🤖 AI Summary
This study addresses the significant accuracy degradation of DNN inference on analog hardware due to inherent device-level noise. To enhance robustness, we systematically compare quantization-aware training (QAT) and noise-injection training (NIT), explicitly modeling analog computational noise distributions during training and conducting cross-architecture empirical evaluation (ResNet, VGG, MobileNet, etc.). Our key findings are: (1) NIT substantially outperforms fixed-scale QAT in deep networks—reducing inference error by over 40% on ResNet-18; and (2) NIT exhibits strong generalization across diverse analog hardware platforms without requiring precise knowledge of the underlying noise model. These results establish NIT as a hardware-agnostic, noise-resilient training paradigm. This work provides both a novel methodological framework and an empirical benchmark for developing robust DNNs targeting analog AI accelerators.
📝 Abstract
The success of deep learning has sparked significant interest in designing computer hardware optimized for the high computational demands of neural network inference. As further miniaturization of digital CMOS processors becomes increasingly challenging, alternative computing paradigms, such as analog computing, are gaining consideration. Particularly for compute-intensive tasks such as matrix multiplication, analog computing presents a promising alternative due to its potential for significantly higher energy efficiency compared to conventional digital technology. However, analog computations are inherently noisy, which makes it challenging to maintain high accuracy on deep neural networks.
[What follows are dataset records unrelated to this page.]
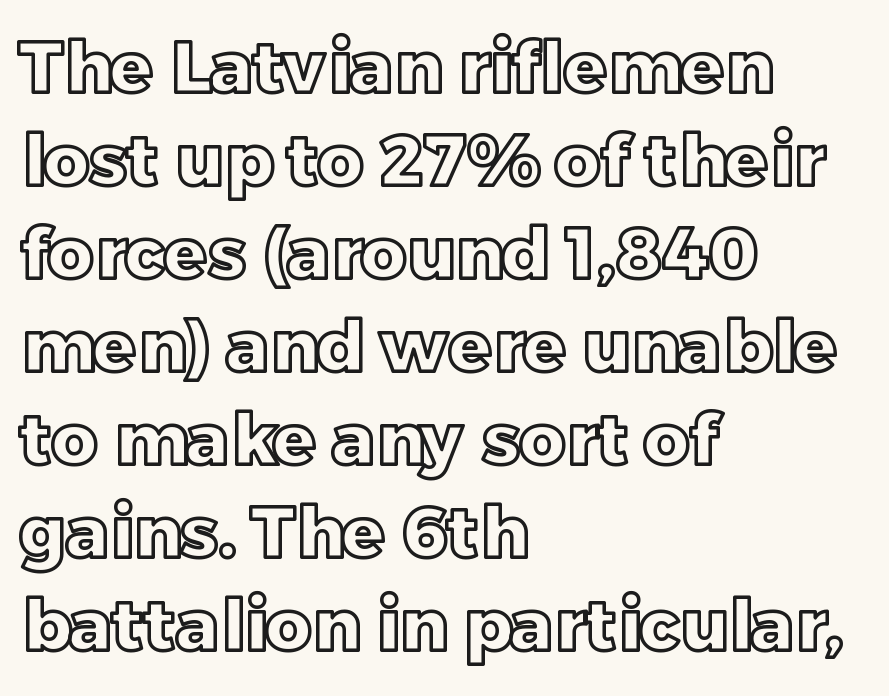
{"italic": "no", "width": "normal", "x_height": "large", "monospaced": "no", "underline": "no", "align": "left", "line_spacing": "normal", "line_spacing_ratio": 1.31, "letter_spacing": "normal", "letter_spacing_em": 0.0, "glyph_px": 71}
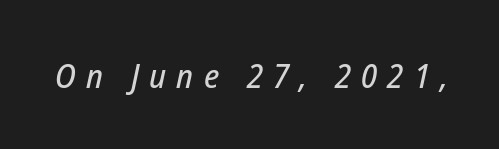
The face used here has a pronounced slope to its letters. This sample has the flowing, uneven cadence of proportional lettering. This sample uses expanded letter spacing, leaving extra air between glyphs. Unmarked baselines from the first word to the last.
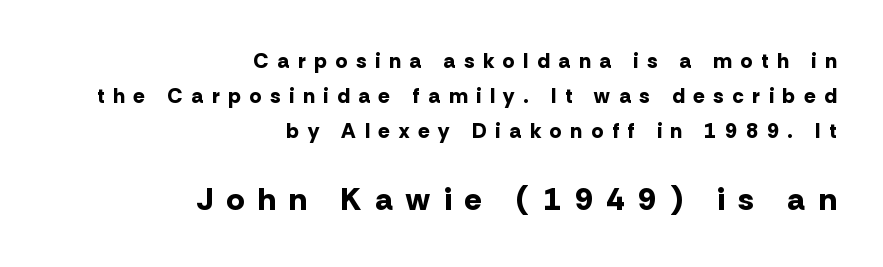
The space directly below the letters is spotless. The tracking jumps out immediately: characters are airy and widely separated. Summary of vertical rhythm: regular, with standard interline spacing. This sample is right-justified, so line beginnings fall wherever the words allow. Which of the two is more prominent by size? The second, at the bottom. The face used here is proportionally spaced, like ordinary book or web type.
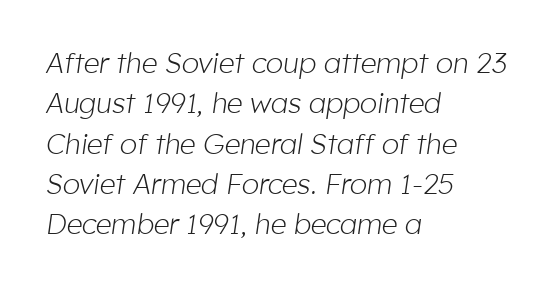
{"italic": "yes", "lean": "right", "slant_degrees": 8, "bold": "no", "weight": "light", "width": "normal", "stroke_contrast": "low", "x_height": "medium", "monospaced": "no", "underline": "no", "align": "left", "line_spacing": "normal", "line_spacing_ratio": 1.44, "letter_spacing": "normal", "letter_spacing_em": 0.0, "glyph_px": 28}
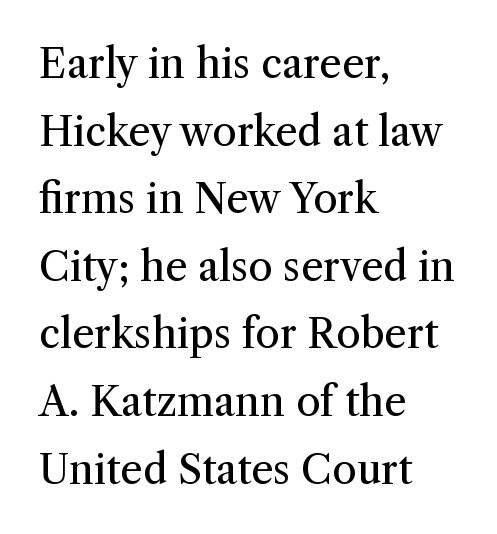
{"serif": "yes", "italic": "no", "bold": "no", "weight": "regular", "width": "normal", "stroke_contrast": "medium", "x_height": "medium", "monospaced": "no", "underline": "no", "align": "left", "line_spacing": "normal", "line_spacing_ratio": 1.69, "letter_spacing": "normal", "letter_spacing_em": 0.0, "glyph_px": 40}
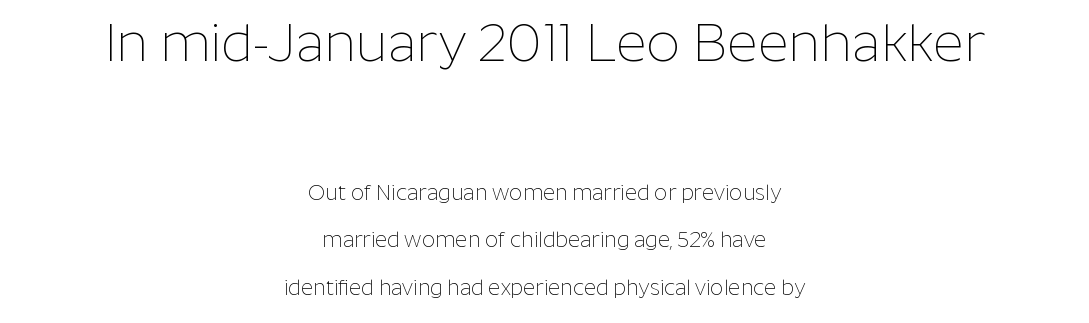
The image shows 53 px thin sans-serif type, upright; set centered, loose line spacing (2.27x), normal letter spacing, not underlined; the first (top) block is 2.52x larger; low stroke contrast and a medium x-height.
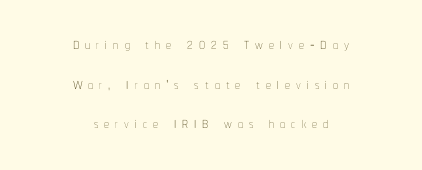
The image shows 20 px text type, upright; set centered, loose line spacing (1.98x), unusually wide letter spacing (+0.3 em), not underlined.
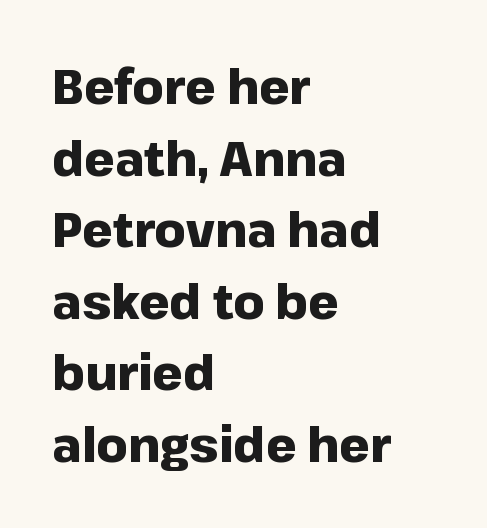
{"serif": "no", "italic": "no", "bold": "yes", "weight": "heavy", "width": "normal", "stroke_contrast": "low", "x_height": "medium", "monospaced": "no", "underline": "no", "align": "left", "line_spacing": "normal", "line_spacing_ratio": 1.49, "letter_spacing": "normal", "letter_spacing_em": 0.0, "glyph_px": 48}
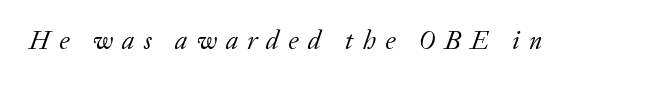
{"italic": "yes", "lean": "right", "slant_degrees": 20, "bold": "no", "underline": "no", "letter_spacing": "wide", "letter_spacing_em": 0.36, "glyph_px": 26}
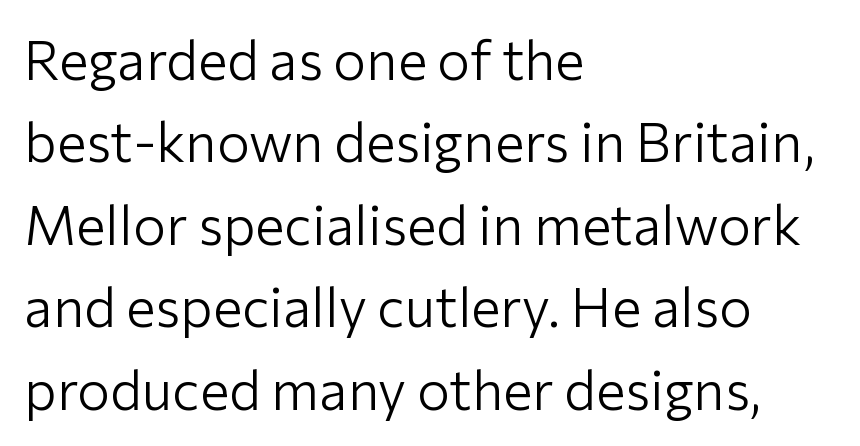
Q: Is the text bold? A: No.
Q: Is the text italic (slanted)? A: No, it is upright.
Q: Is the typeface a serif or a sans-serif typeface? A: Sans-serif.
Q: Is the text underlined? A: No.
Q: How is the paragraph aligned? A: Left-aligned.
Q: Is the spacing between letters normal or unusually wide? A: Normal.
Q: Is the spacing between lines tight, normal or loose? A: Normal.
Q: Width (condensed, normal, or wide)? A: Normal.
Q: Stroke contrast? A: Low.
Q: x-height? A: Medium.
Q: Monospaced? A: No.
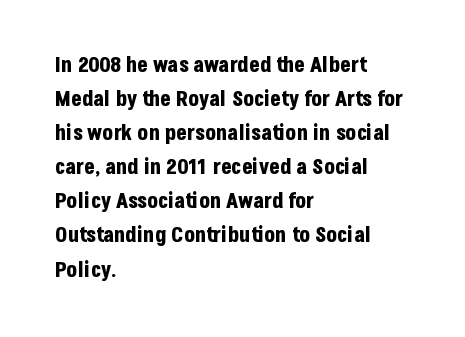
{"italic": "no", "bold": "yes", "underline": "no", "align": "left", "line_spacing": "normal", "line_spacing_ratio": 1.55, "letter_spacing": "normal", "letter_spacing_em": 0.0, "glyph_px": 22}
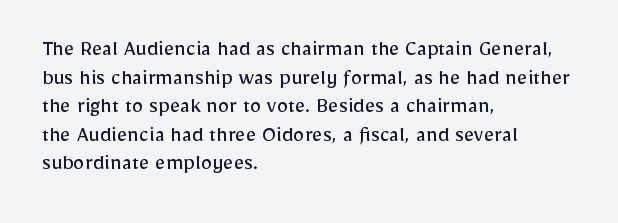
{"italic": "no", "bold": "no", "underline": "no", "align": "left", "line_spacing_ratio": 1.24, "letter_spacing": "normal", "letter_spacing_em": 0.0, "glyph_px": 23}
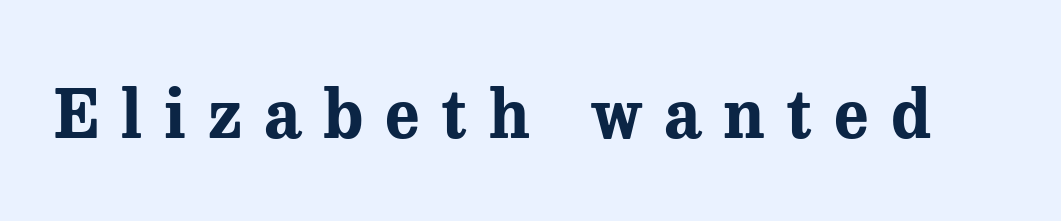
Italic? Not at all — the glyphs are vertical. The rendering uses natural spacing where letterforms have individual widths. Only glyphs here, with clear space below each row. The letters are spread apart with noticeably loose tracking. The glyphs have the mass of a bold cut.
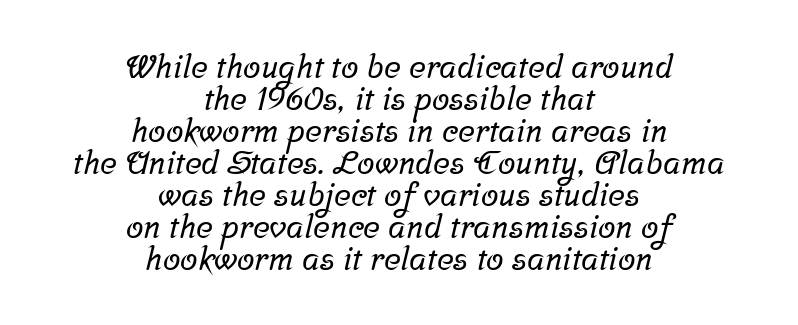
The image shows 32 px text type; set centered, tight line spacing (1.0x), normal letter spacing, not underlined; low stroke contrast and a medium x-height.
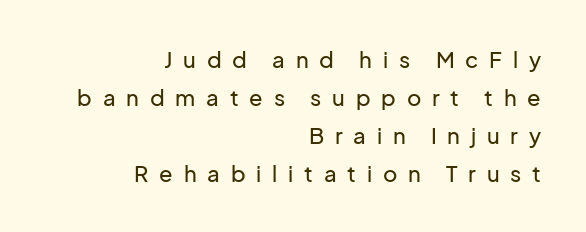
Q: Is the text italic (slanted)? A: No, it is upright.
Q: Is the text underlined? A: No.
Q: How is the paragraph aligned? A: Right-aligned.
Q: Is the spacing between letters normal or unusually wide? A: Unusually wide.
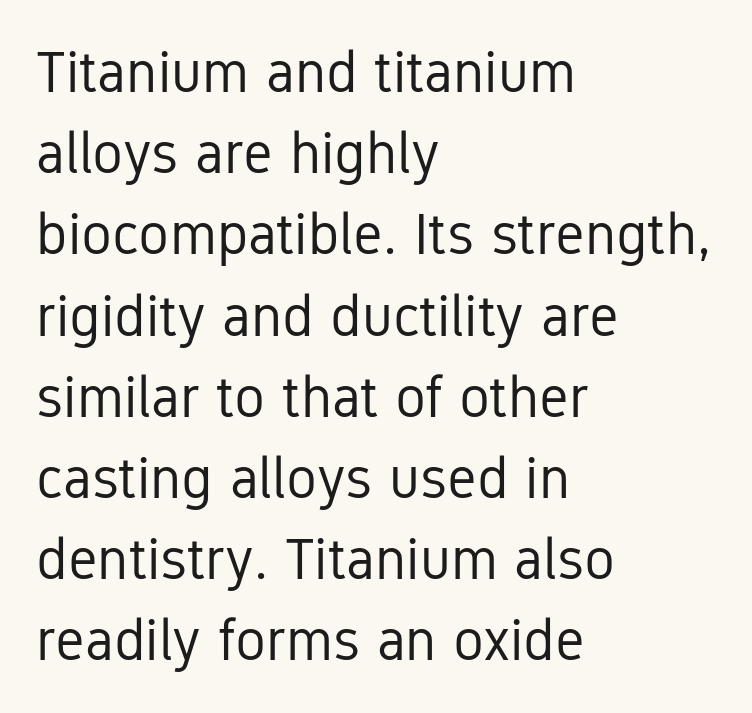
Caption: face not bold, strokes unweighted. The text was rendered using a sans face with plain stroke endings. Think of a printed novel: that variable character pitch is what you see here. No italicization has been applied; the sample stays upright.
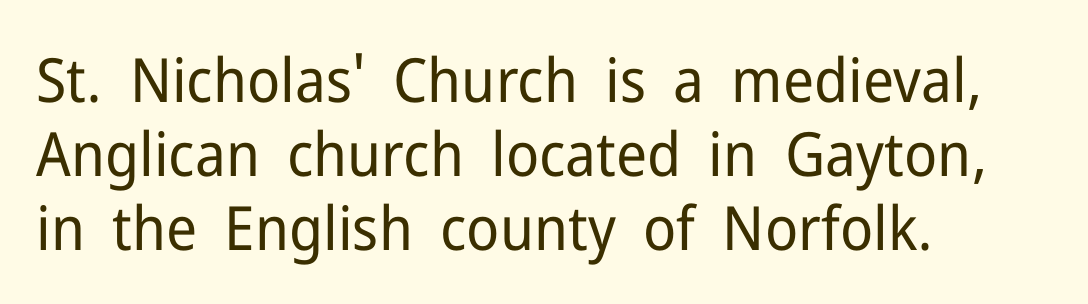
{"serif": "no", "italic": "no", "bold": "no", "weight": "regular", "width": "normal", "stroke_contrast": "low", "x_height": "medium", "monospaced": "no", "underline": "no", "align": "left", "line_spacing_ratio": 1.21, "letter_spacing": "normal", "letter_spacing_em": 0.0, "glyph_px": 61}
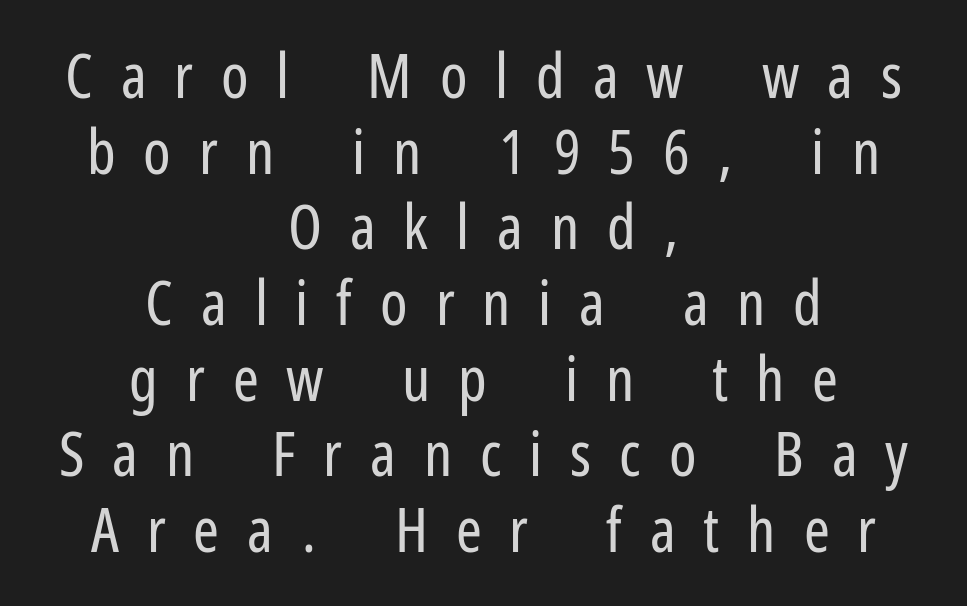
Q: Is the text bold? A: No.
Q: Is the text italic (slanted)? A: No, it is upright.
Q: Is the typeface a serif or a sans-serif typeface? A: Sans-serif.
Q: Is the text underlined? A: No.
Q: How is the paragraph aligned? A: Centered.
Q: Is the spacing between letters normal or unusually wide? A: Unusually wide.
Q: Width (condensed, normal, or wide)? A: Condensed.
Q: Stroke contrast? A: Low.
Q: x-height? A: Medium.
Q: Monospaced? A: No.
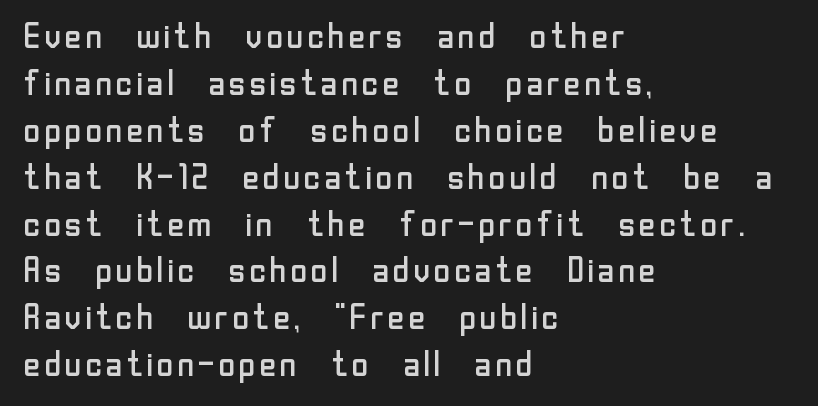
The image shows 35 px regular-weight sans-serif type, upright; set left-aligned, normal line spacing (1.34x), normal letter spacing, not underlined; low stroke contrast and a medium x-height.
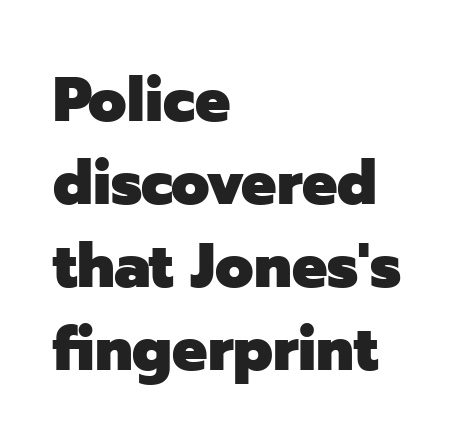
Proportional: the letters do not fall into vertical columns. How would I describe the line gaps? Plain and ordinary. No feet cap the strokes, marking this as sans-serif type. Heavy, bold letterforms. Check the space under the baseline: it is left empty. The horizontal fit of the characters is conventional and even.
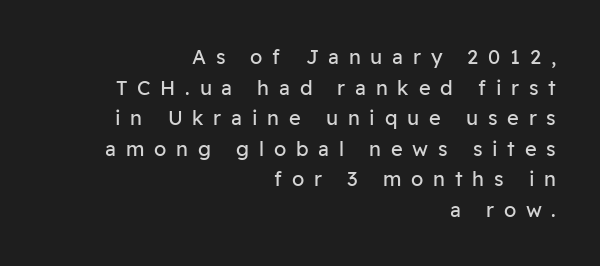
{"italic": "no", "bold": "no", "underline": "no", "align": "right", "line_spacing": "normal", "line_spacing_ratio": 1.53, "letter_spacing": "wide", "letter_spacing_em": 0.49, "glyph_px": 20}
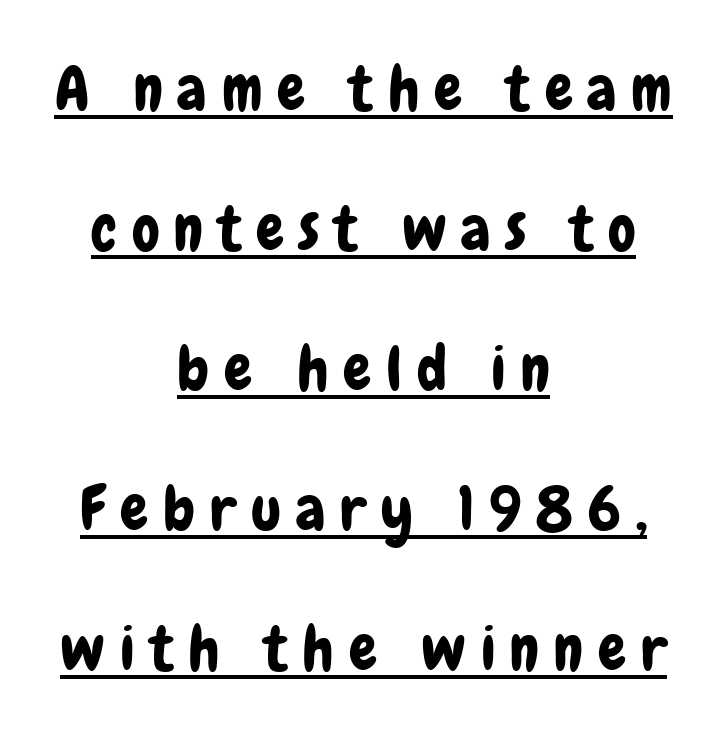
The image shows 62 px condensed sans-serif type, upright; set centered, loose line spacing (2.26x), unusually wide letter spacing (+0.24 em), underlined; low stroke contrast and a medium x-height.

This work investigates the effectiveness of training neural networks with quantization to increase the robustness against noise. Experimental results across various network architectures show that quantization-aware training with constant scaling factors enhances robustness. We compare these methods with noisy training, which incorporates a noise injection during training that mimics the noise encountered during inference. While both two methods increase tolerance against noise, noisy training emerges as the superior approach for achieving robust neural network performance, especially in complex neural architectures.